Published in final edited form as: Curr Opin Neurol. 2019 Oct;32(5):715–721. doi: 10.1097/WCO.0000000000000743

Advances in Primary Mitochondrial Myopathies (PMM)

Isabella Peixoto de Barcelos 1, Valentina Emmanuele 1, Michio Hirano 1
PMCID: PMC6938233  NIHMSID: NIHMS1535373  PMID: 31408013

Abstract

Purpose of review

Although mitochondrial diseases impose a significant functional limitation in the lives of patients, treatment of these conditions has been limited to dietary supplements, exercise, and physical therapy. In the past few years, however, translational medicine has identified potential therapies for these patients.

Recent findings

For patients with primary mitochondrial myopathies, preliminary phase I and II multicenter clinical trials of elamipretide indicate safety and suggest improvement in 6-minute walk test (6MWT) performance and fatigue scales.
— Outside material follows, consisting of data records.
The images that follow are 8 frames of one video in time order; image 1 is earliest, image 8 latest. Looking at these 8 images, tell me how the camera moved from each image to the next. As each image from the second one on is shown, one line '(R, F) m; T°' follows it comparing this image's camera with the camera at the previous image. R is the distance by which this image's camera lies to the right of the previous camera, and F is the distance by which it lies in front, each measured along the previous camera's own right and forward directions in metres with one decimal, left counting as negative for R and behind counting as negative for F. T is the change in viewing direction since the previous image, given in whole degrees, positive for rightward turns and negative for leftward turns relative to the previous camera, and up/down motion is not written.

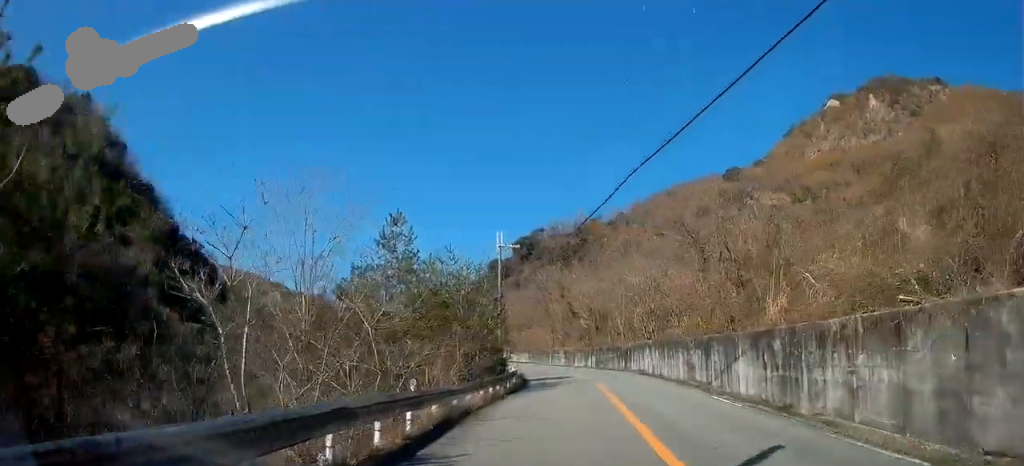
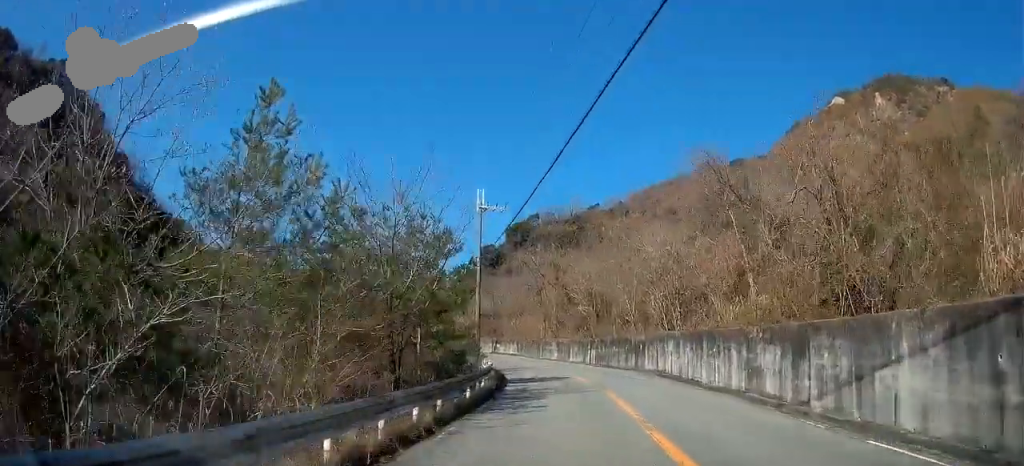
(+0.1, +10.0) m; 0°
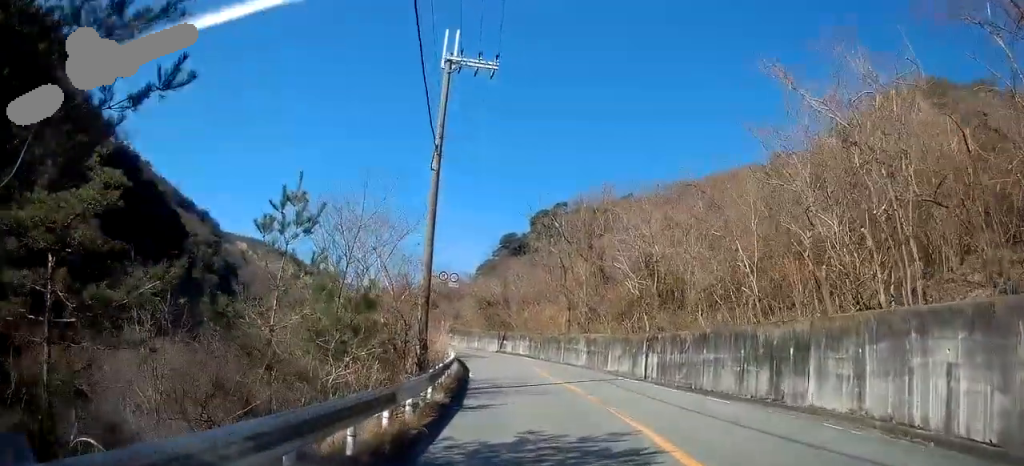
(-0.1, +19.8) m; -3°
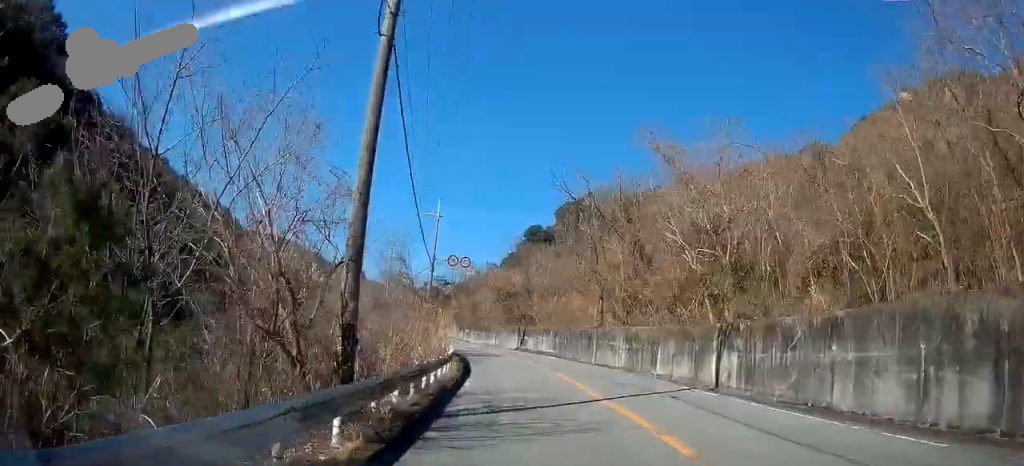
(-0.3, +7.9) m; -3°
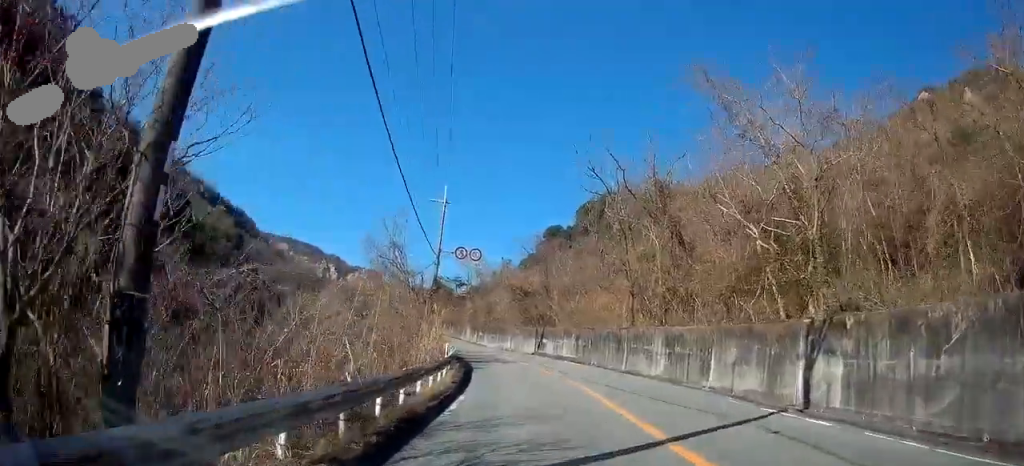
(-0.1, +5.7) m; -2°
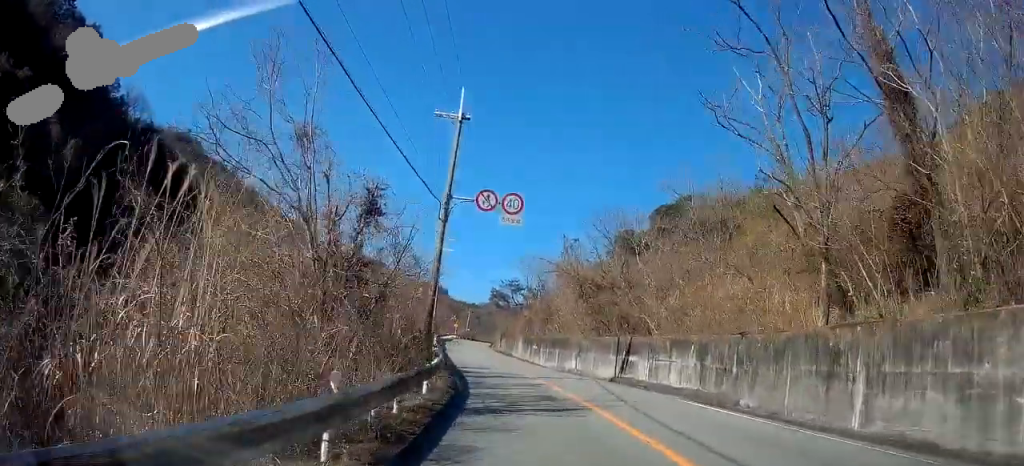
(-1.1, +18.0) m; -8°
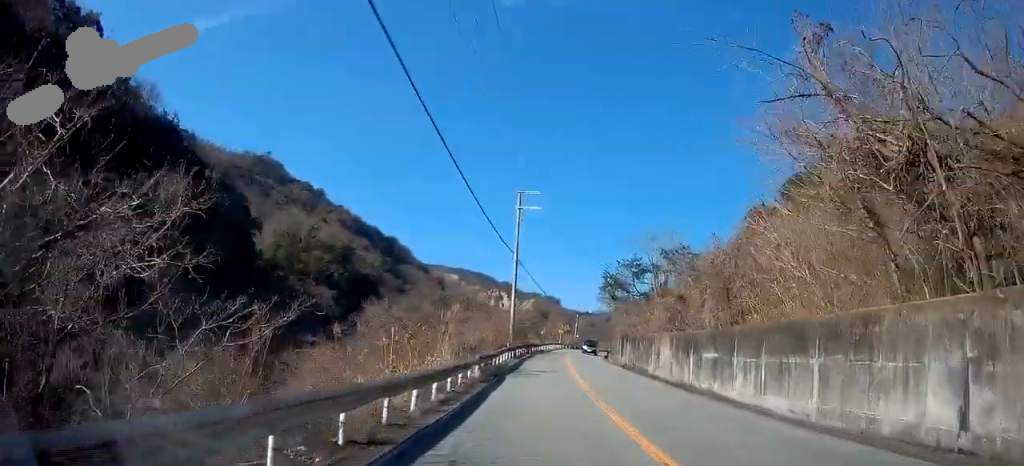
(-2.8, +26.8) m; -9°
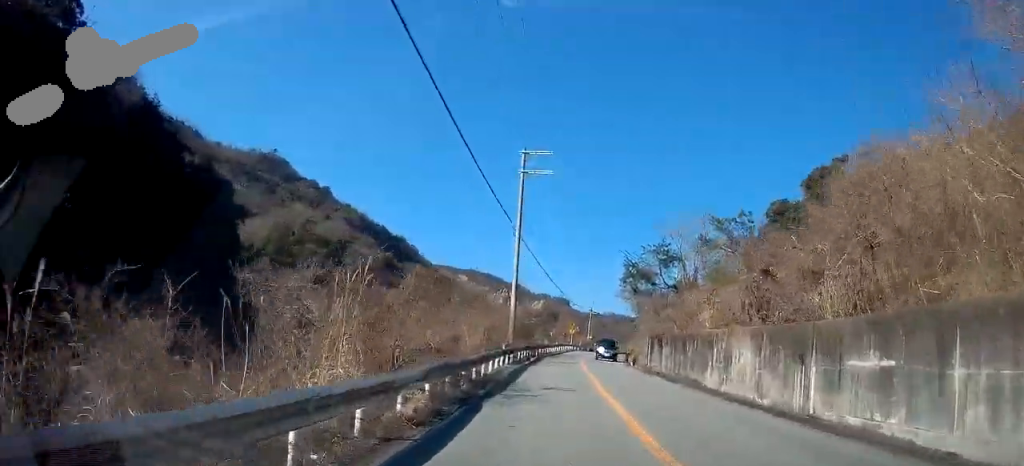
(-0.2, +10.2) m; -2°

In addition, for thymidine kinase 2 Deficient (TK2d) myopathy, compassionate-use oral administration of pyrimidine deoxynucleosides have shown preliminary evidence of safety and efficacy in survival of early onset patients and motor functions relative to historical TK2d controls.

Summary

The prospects of effective therapies that improve the quality of live for patients with mitochondrial myopathy underscores the necessity for definitive diagnoses natural history studies for better understanding of the diseases.
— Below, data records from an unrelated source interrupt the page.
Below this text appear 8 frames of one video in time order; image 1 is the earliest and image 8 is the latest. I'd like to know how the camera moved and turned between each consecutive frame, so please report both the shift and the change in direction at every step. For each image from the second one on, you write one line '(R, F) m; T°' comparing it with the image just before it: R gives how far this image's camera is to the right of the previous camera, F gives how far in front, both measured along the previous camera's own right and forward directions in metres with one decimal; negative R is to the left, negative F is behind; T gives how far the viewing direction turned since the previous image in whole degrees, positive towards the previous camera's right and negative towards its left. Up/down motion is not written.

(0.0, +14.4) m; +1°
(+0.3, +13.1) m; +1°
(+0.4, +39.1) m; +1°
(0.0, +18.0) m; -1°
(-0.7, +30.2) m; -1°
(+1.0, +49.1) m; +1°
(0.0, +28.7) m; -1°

Keywords: mitochondria, myopathy, mitochondrial myopathy, TK2 deficiency, elamipretide

Introduction:

Mitochondria are organelles responsible for generating most of the ATP in cells, via oxidative phosphorylation (OxPhos). Mitochondria require dual genomic expression of proteins which originate both in the nuclear DNA (nDNA) and mitochondrial DNA (mtDNA). The nDNA diseases manifest Mendelian inheritance (autosomal dominant or recessive) or X-linked transmission while mtDNA diseases are maternally inherited (mutations of the mtDNA) or sporadic (mitochondrial DNA single deletions syndromes). Furthermore, the multicopy nature of mitochondrial DNA gives rise to the concept of heteroplasmy (when both mutated and wild type mtDNA molecules coexist in the same cell) and homoplasmy (only mutant mtDNA is present in the mitochondria of the cell). For a disease to manifest symptoms, the mutated mtDNA molecules in tissue must increase to a critical threshold above which OxPhos function is impaired. Due to dual genome control of mitochondria, mutations in the nuclear genes can impair the mtDNA homeostasis causing mtDNA multiple deletions, depletion, or both. Deletions in mtDNA are more readily detected in muscle and urine than in blood, oral swabs, and fibroblasts. The predilection for muscle involvement in mitochondrial disease is due to the relatively high mutation load as well as the high energy requirements of this tissue [1, 2].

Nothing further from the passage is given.